What needs to be done:
Copy the records below, from the line containing "What condition is this Irish potato leaf in?" through the last line; leave out pictures.

[Data entries]
= = = =

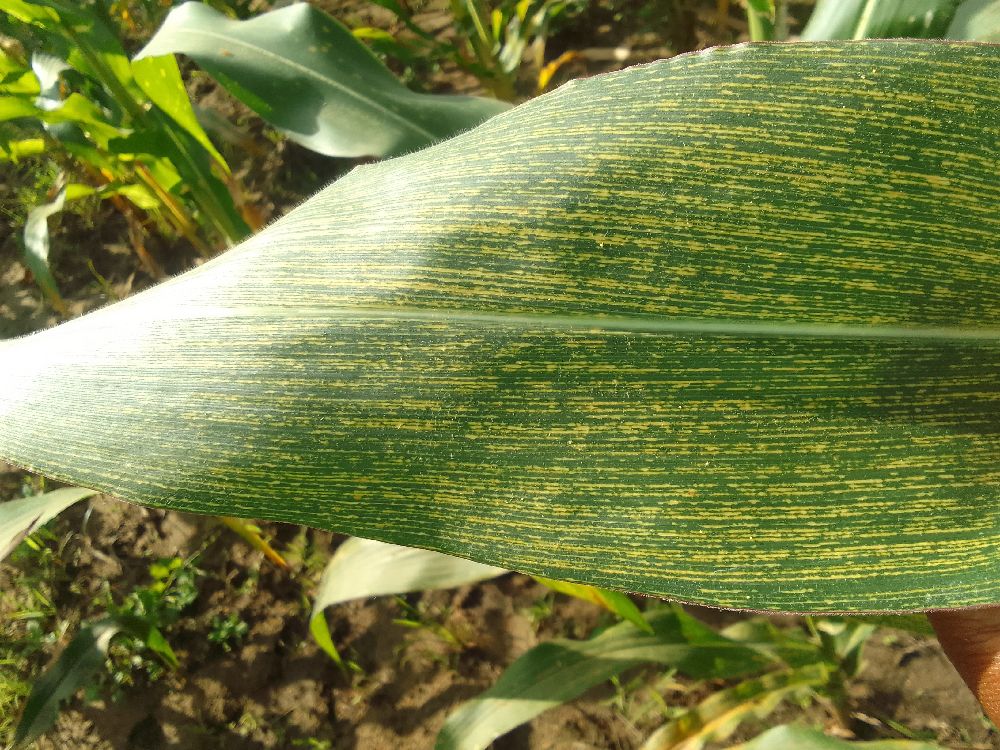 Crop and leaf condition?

maize, maize streak virus
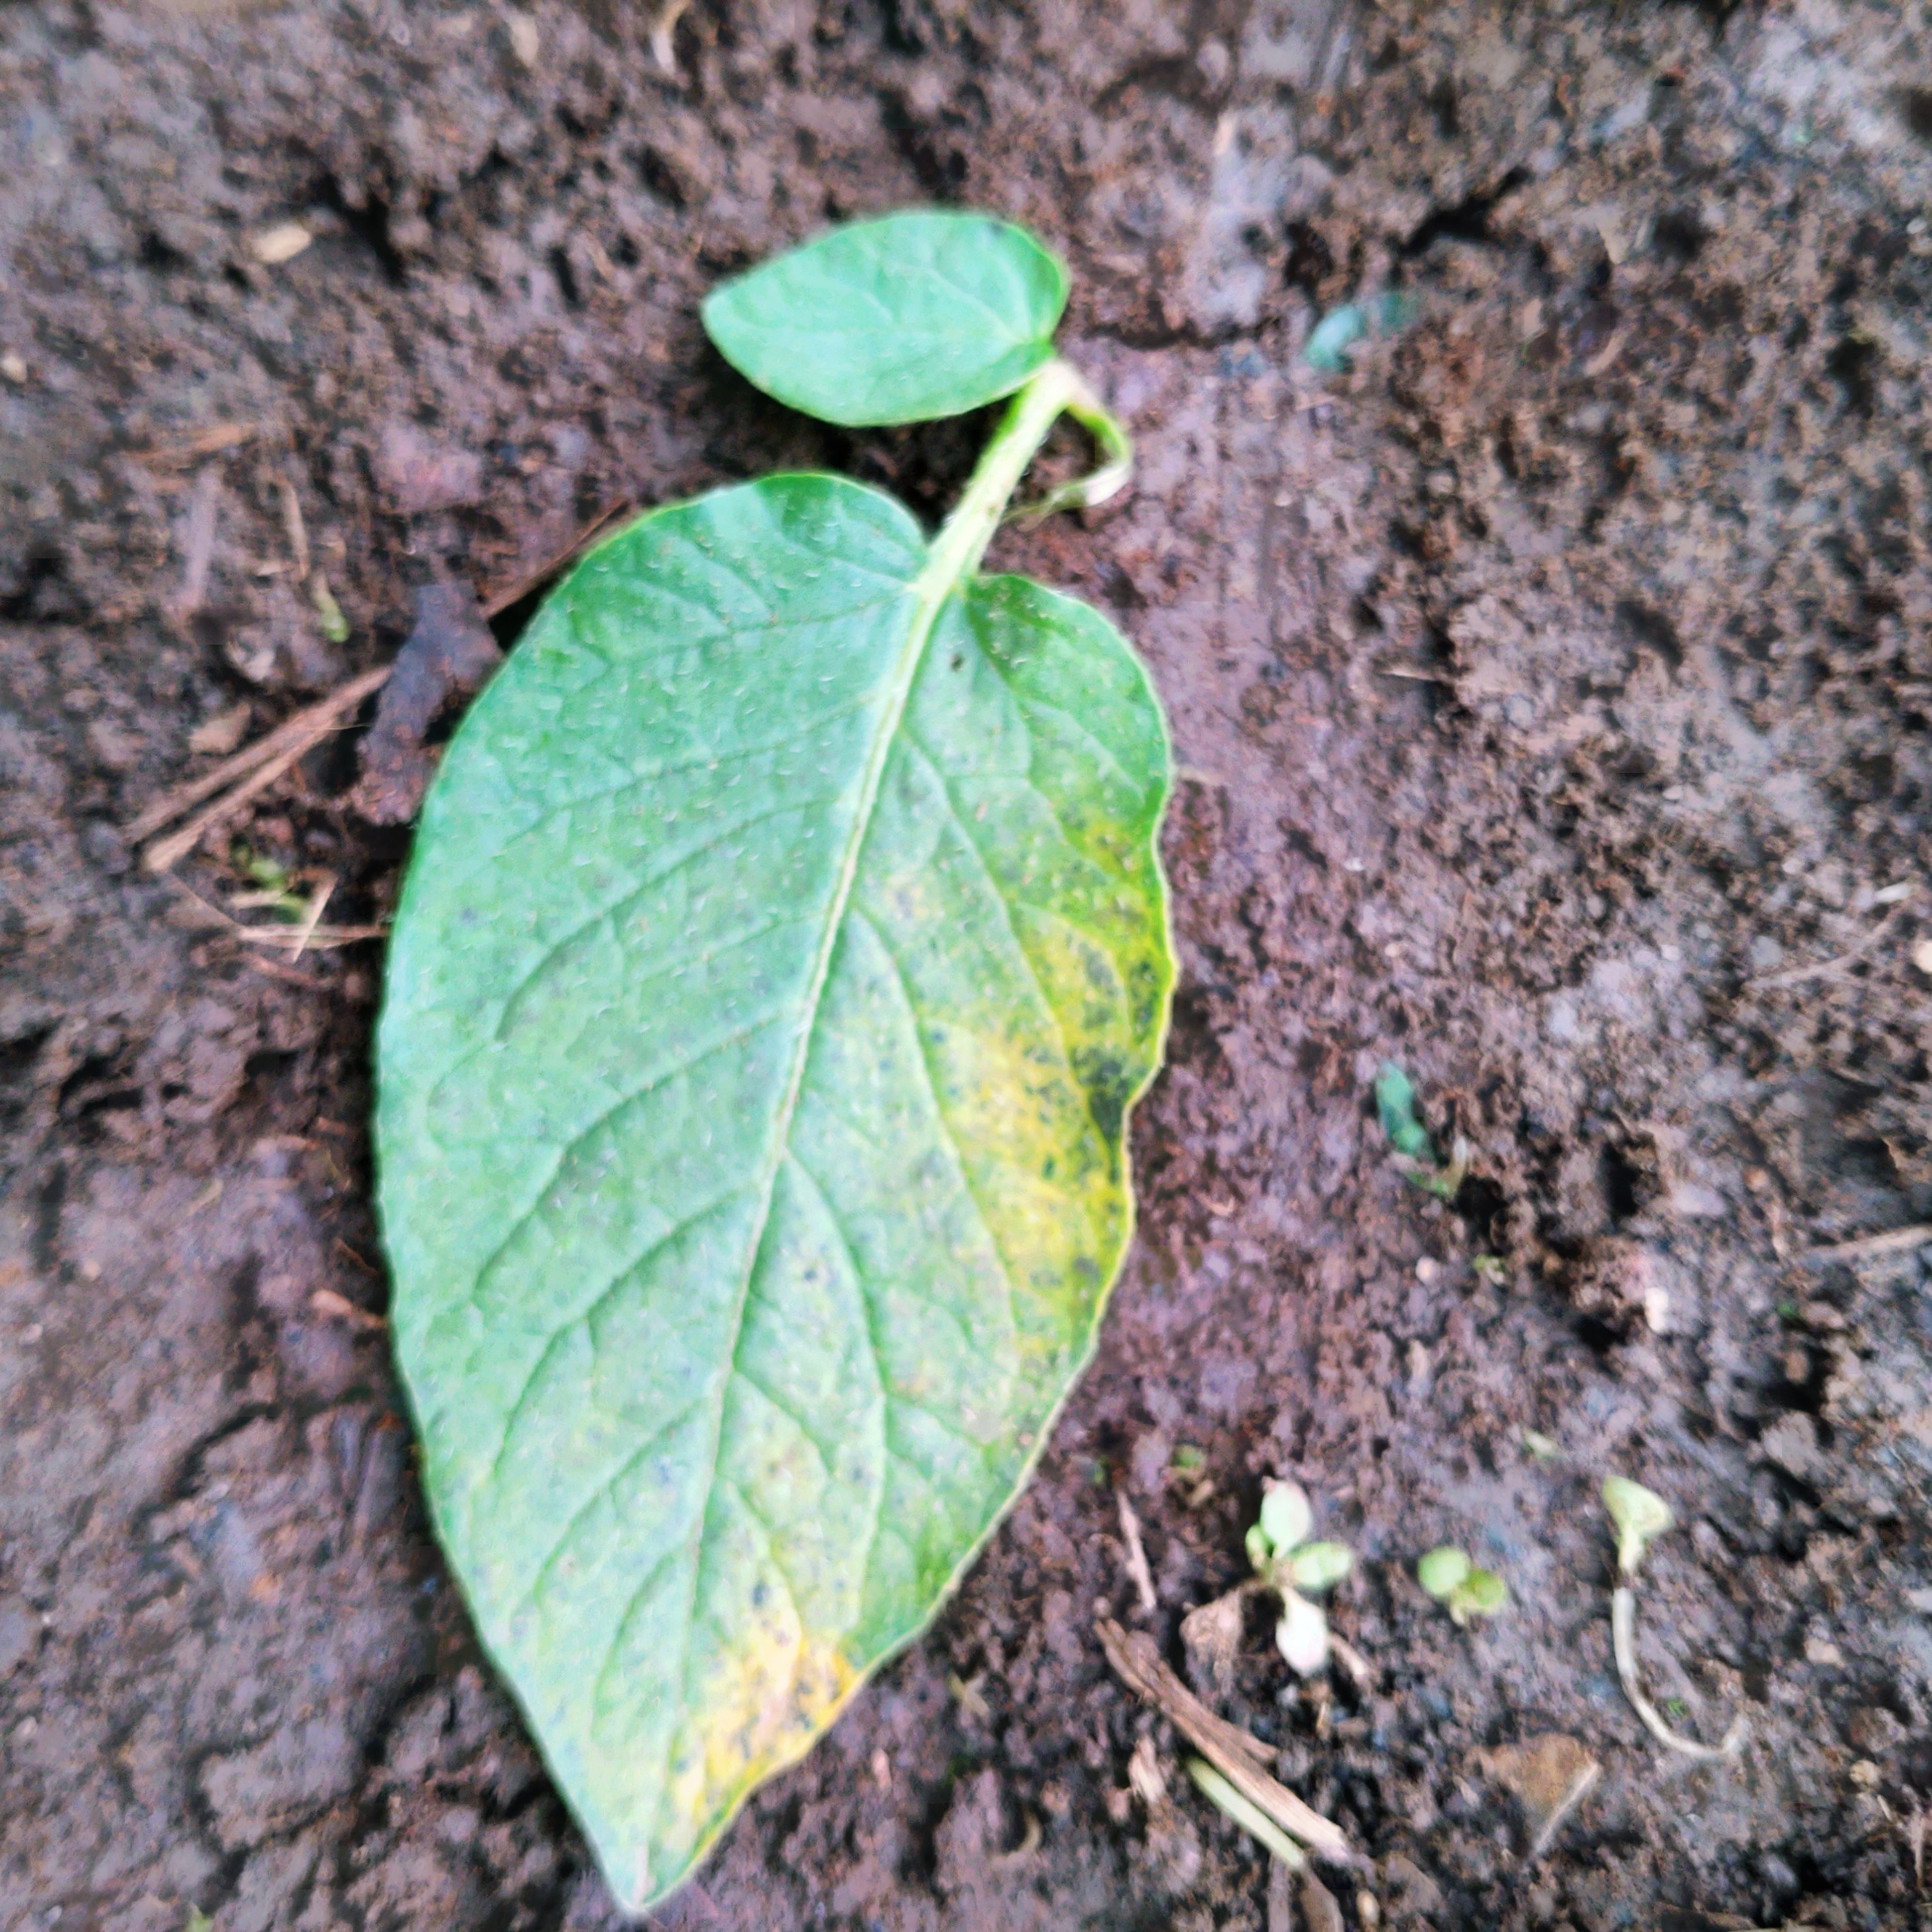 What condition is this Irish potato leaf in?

late blight
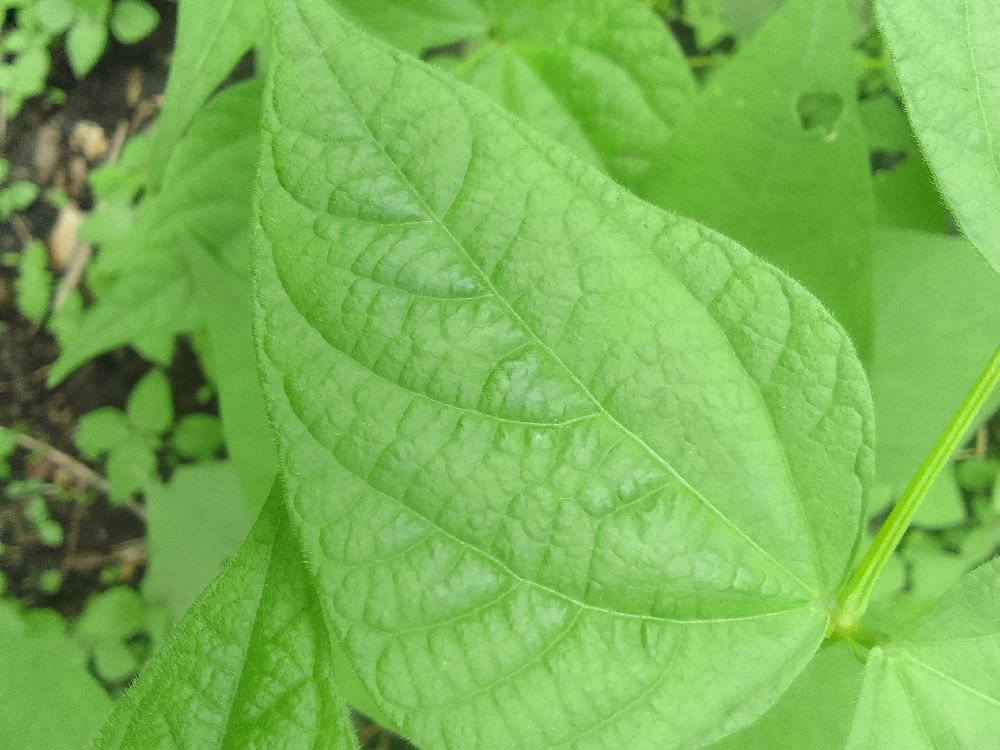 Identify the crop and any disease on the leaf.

common bean, healthy
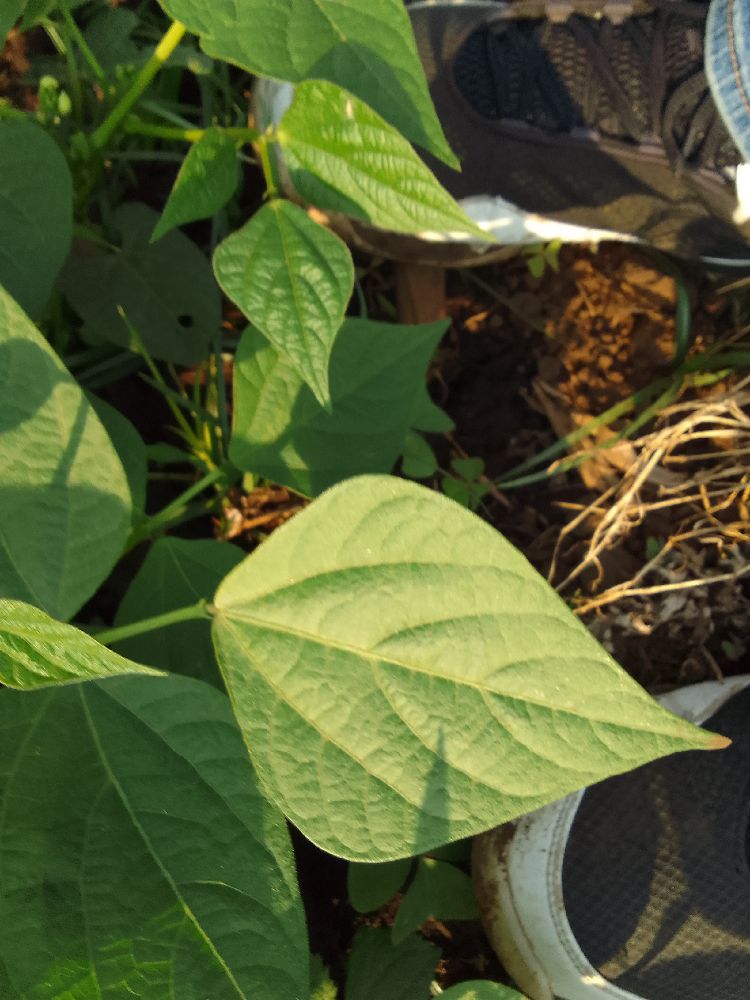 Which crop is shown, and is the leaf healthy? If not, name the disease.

common bean, healthy
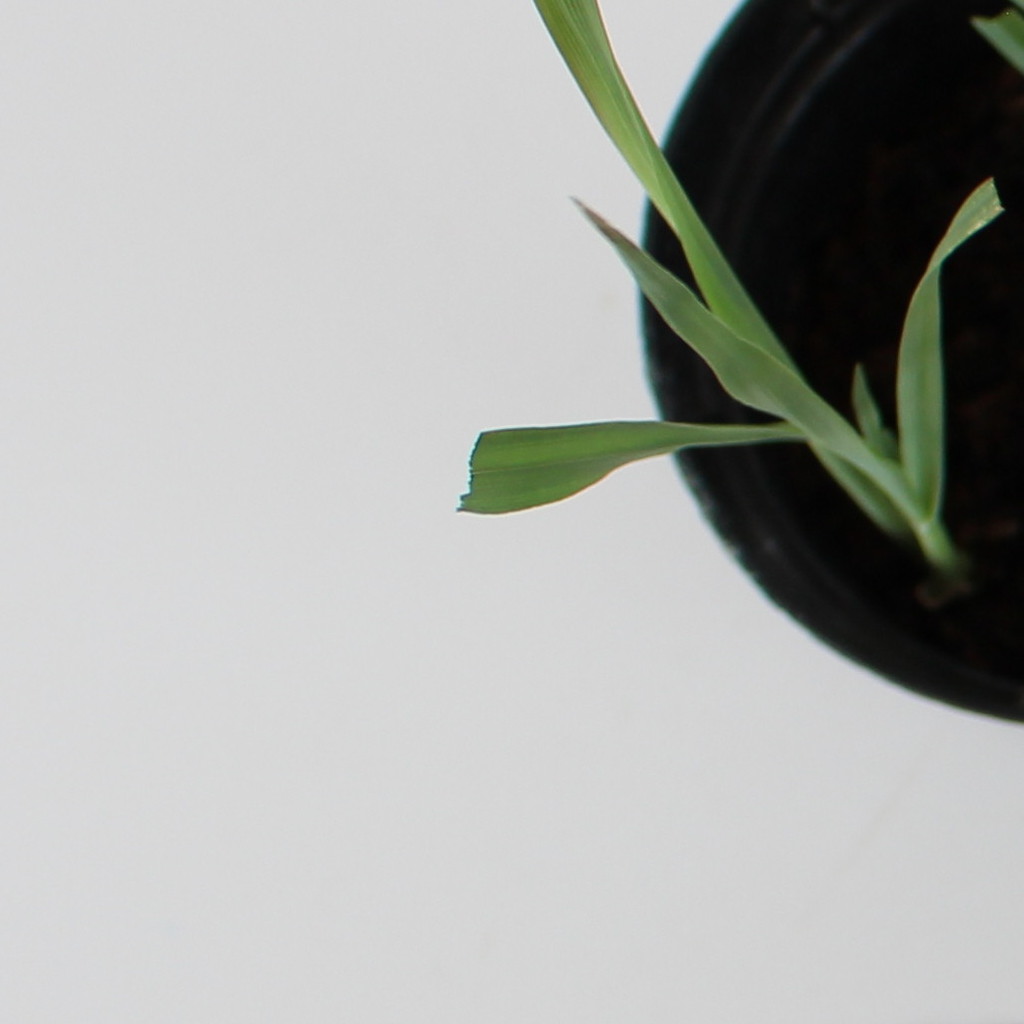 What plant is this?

Avena sterilis
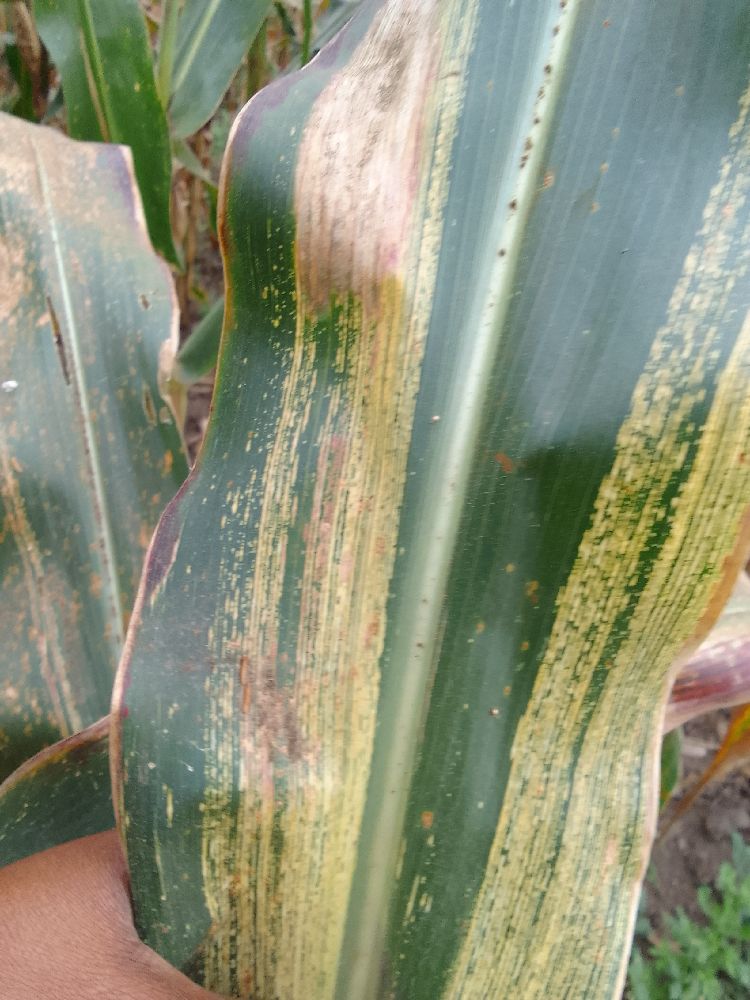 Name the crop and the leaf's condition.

maize, maize streak virus
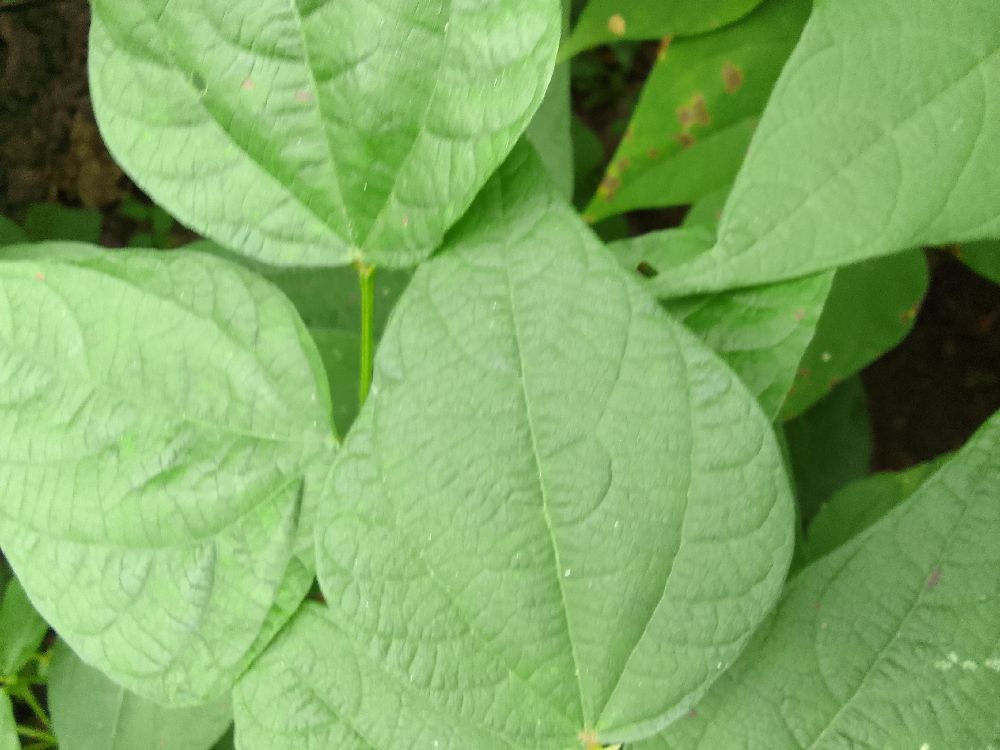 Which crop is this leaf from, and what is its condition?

common bean, healthy

= = = =

Your solution:
 What condition is this Irish potato leaf in?

late blight
 Identify the crop and any disease on the leaf.

common bean, healthy
 Which crop is shown, and is the leaf healthy? If not, name the disease.

common bean, healthy
 What plant is this?

Avena sterilis
 Name the crop and the leaf's condition.

maize, maize streak virus
 Which crop is this leaf from, and what is its condition?

common bean, healthy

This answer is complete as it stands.